Helen was born in Cambridge, Maryland and educated at the prestigious Corcoran School, the National Academy of Design in New York and under Charles W. Hawthorne (founder of the Cape Cod School of Art). In the 1920s she sailed off for a “grand tour” of Europe, soaking in the work of the masters as well as the emerging modernist sensibility.
During the Great Depression of the 1930s Helen joined the ranks of the WPA in the Federal Art Project and worked on various projects, including a noted mural at Roosevelt High School in D.C. Helen was later represented by the Franz Bader Gallery and was an integral part of the art community in the DC area. Some of the sketch portraits included in this collection are of fellow artists from that place and time. She was also represented by the Capricorn Gallery and the Bridge Gallery (1965).

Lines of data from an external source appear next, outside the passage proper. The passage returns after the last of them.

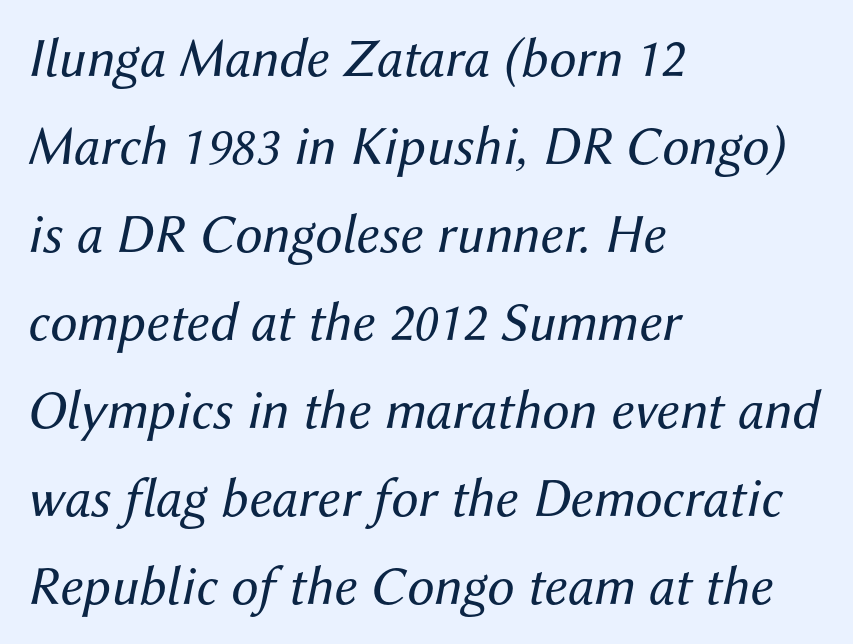
{"italic": "yes", "lean": "right", "slant_degrees": 12, "bold": "no", "weight": "regular", "width": "normal", "stroke_contrast": "medium", "x_height": "medium", "monospaced": "no", "underline": "no", "align": "left", "line_spacing": "normal", "line_spacing_ratio": 1.6, "letter_spacing": "normal", "letter_spacing_em": 0.0, "glyph_px": 55}
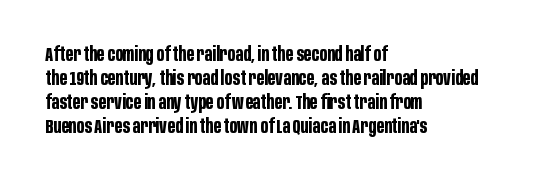
{"italic": "no", "bold": "yes", "underline": "no", "align": "left", "line_spacing_ratio": 1.2, "letter_spacing": "normal", "letter_spacing_em": 0.0, "glyph_px": 20}
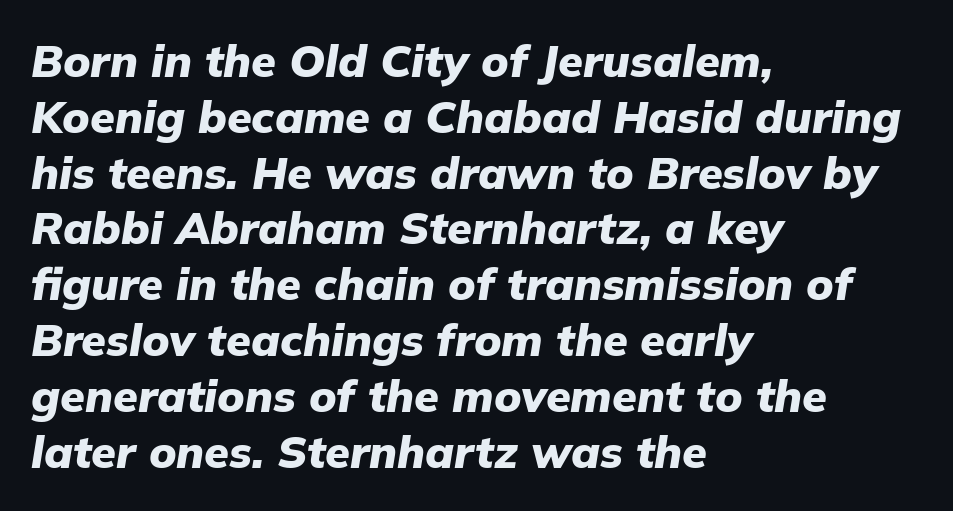
The image shows 45 px heavy type, italic (leaning right); set left-aligned, line spacing 1.24x, normal letter spacing, not underlined; low stroke contrast and a medium x-height.
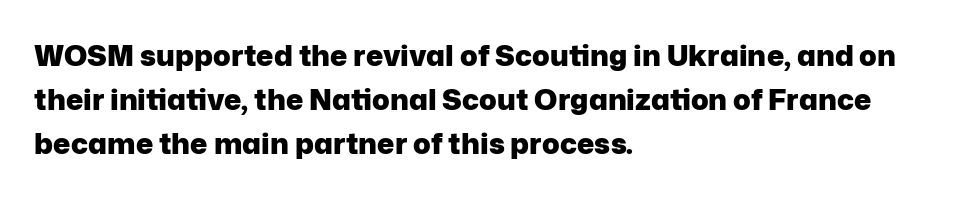
Q: Is the text bold? A: Yes.
Q: Is the text italic (slanted)? A: No, it is upright.
Q: Is the typeface a serif or a sans-serif typeface? A: Sans-serif.
Q: Is the text underlined? A: No.
Q: How is the paragraph aligned? A: Left-aligned.
Q: Is the spacing between letters normal or unusually wide? A: Normal.
Q: Is the spacing between lines tight, normal or loose? A: Normal.
Q: Width (condensed, normal, or wide)? A: Normal.
Q: Stroke contrast? A: Low.
Q: x-height? A: Medium.
Q: Monospaced? A: No.
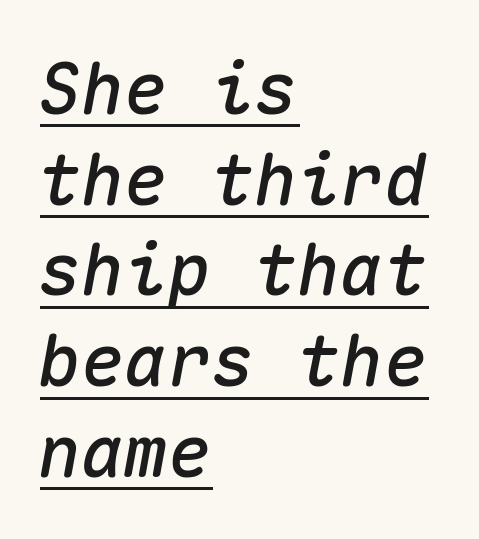
{"italic": "yes", "lean": "right", "slant_degrees": 10, "width": "normal", "stroke_contrast": "medium", "x_height": "medium", "monospaced": "yes", "underline": "yes", "align": "left", "line_spacing": "normal", "line_spacing_ratio": 1.26, "letter_spacing": "normal", "letter_spacing_em": 0.0, "glyph_px": 72}
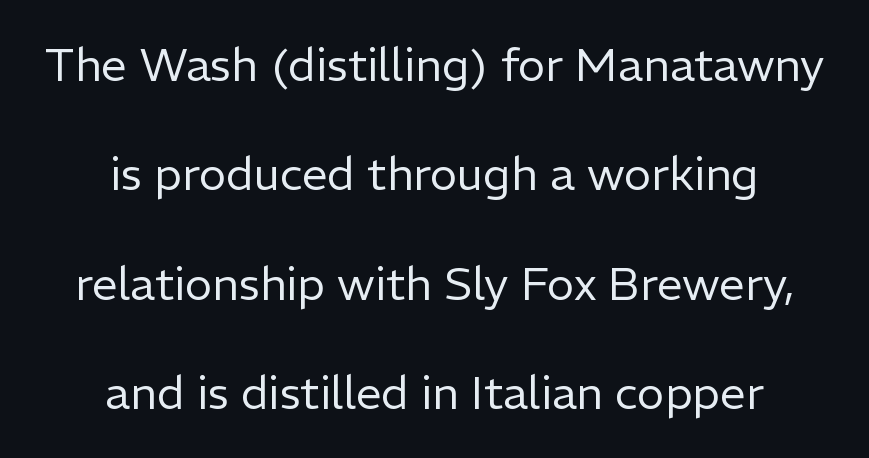
Q: Is the text bold? A: No.
Q: Is the text italic (slanted)? A: No, it is upright.
Q: Is the typeface a serif or a sans-serif typeface? A: Sans-serif.
Q: Is the text underlined? A: No.
Q: How is the paragraph aligned? A: Centered.
Q: Is the spacing between letters normal or unusually wide? A: Normal.
Q: Is the spacing between lines tight, normal or loose? A: Loose.
Q: Width (condensed, normal, or wide)? A: Normal.
Q: Stroke contrast? A: Low.
Q: x-height? A: Medium.
Q: Monospaced? A: No.
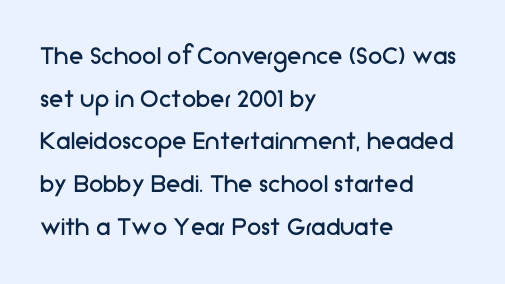
{"serif": "no", "italic": "no", "bold": "no", "weight": "regular", "width": "normal", "stroke_contrast": "low", "x_height": "medium", "monospaced": "no", "underline": "no", "align": "left", "line_spacing": "normal", "line_spacing_ratio": 1.47, "letter_spacing": "normal", "letter_spacing_em": 0.0, "glyph_px": 29}
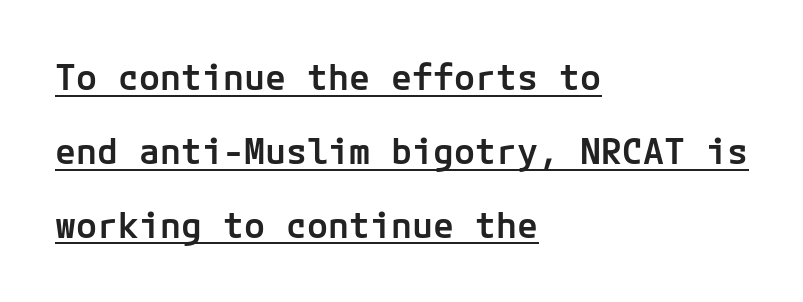
{"serif": "no", "italic": "no", "bold": "semi", "weight": "semibold", "width": "normal", "stroke_contrast": "low", "x_height": "medium", "underline": "yes", "align": "left", "line_spacing": "loose", "line_spacing_ratio": 2.11, "letter_spacing": "normal", "letter_spacing_em": 0.0, "glyph_px": 35}
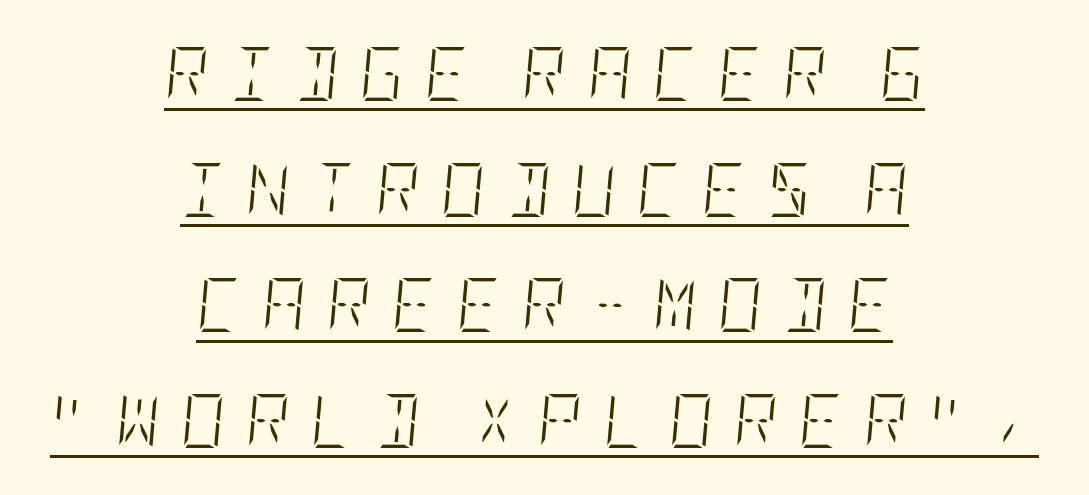
Bold? No — there's no thickening of the strokes. The passage shown stacks its lines with a broad gap. Underline: present. What stands out about the letter spacing? Its width — letters are far apart. When letters slant like this, we call the style italic.

Helen exhibited at the Metropolitan Museum of Art, the Pennsylvania Academy of the Arts, the Corcoran Gallery Biennials, the Baltimore Museum, Phillips Memorial Gallery and at New York MOMA in 1946 and 1956.
The work of Helen Sewell Rennie is now in the permanent collections of the following institutions: The Phillips Collection, American University, The Clarendon Trust Company, the U.S. Department of Commerce and many others. Her personal papers are part of the Archives of American Art at the Smithsonian.
Passionate about both art and life, Helen was a distinctly independent spirit. She was married twice, spent a great deal of time in England and loved to sip on her sherry.
We would like to thank Helen’s niece, Baker Moorefield (also an artist), for bringing this beautiful collection and story to our attention.